Compositional and structural characterization of dorsal root ganglion neurons and co-cultured Schwann cells by confocal Raman microspectral imaging

Abstract

Confocal Raman microspectral imaging (CRMI) is a versatile non-invasive technique that allows in vitro cell imaging without any chemical fixation, fluorescent markers or other contrast-enhancing chemicals. In this study, dorsal root ganglion (DRG) neuron and its affiliated Schwann cells (SCs) were co-cultured to unveil their underlying sub-cellular constitutional and structural nature.

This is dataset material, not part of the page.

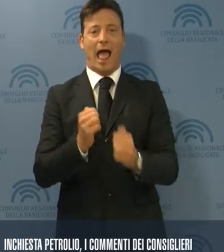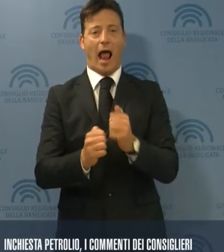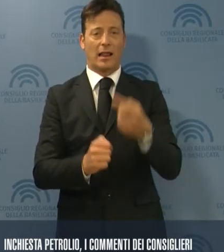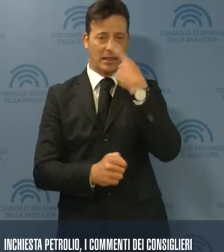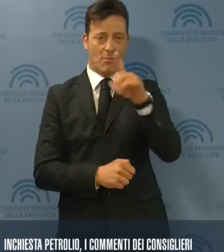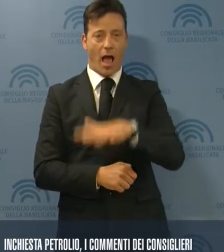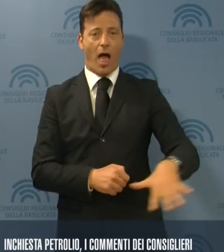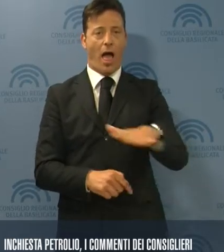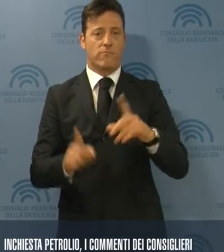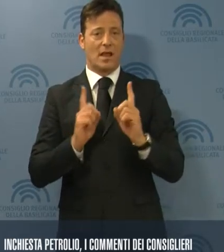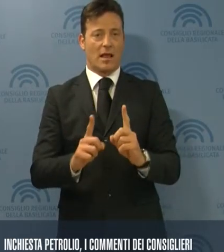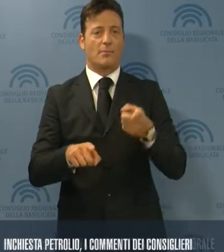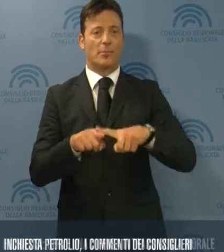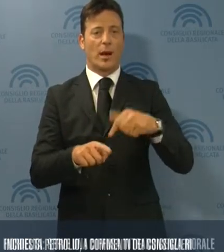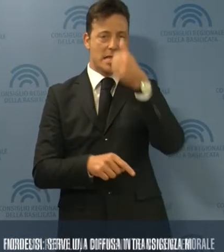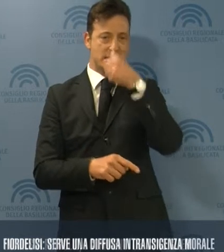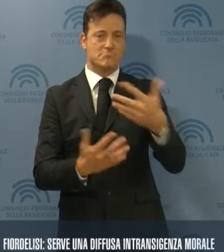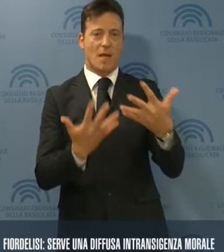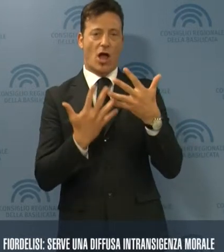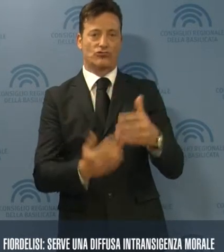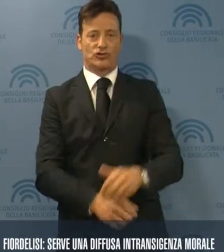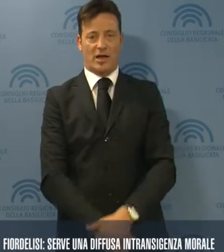ambientali e per i danni d'immagine.

Both DRG neurons and SCs were derived from neonatal Sprague-Dawley rats and seeded on CaF2 subtracts for spectral analysis. After acquiring Raman hyperspectral datasets, multivariate data analyses, including K-mean cluster analysis (KCA) and principal component analysis (PCA), were successively adopted to study the subcellular structural and compositional information of the measured cells. Univariate spectral analysis was adopted to emphasize the spatial distribution of subcellular constitutions based on the acquired spectral characteristics. Results have shown Raman spectral characteristics of DRG neurons (cell membrane, cytoplasm, organelles, nucleus) and its affiliated SCs (myelin, cell membrane, cytoplasm, nucleus), as well as information on the subcellular distribution pattern of major biochemical components (proteins, cytochrome c, nucleic acids, lipids, carbohydrates). This in vitro spectral-imaging work provides a proof of principle of an analytical method for future studies on the developmental mechanisms of DRG neurons and their molecular bases for the treatment of diseases of the peripheral nervous system.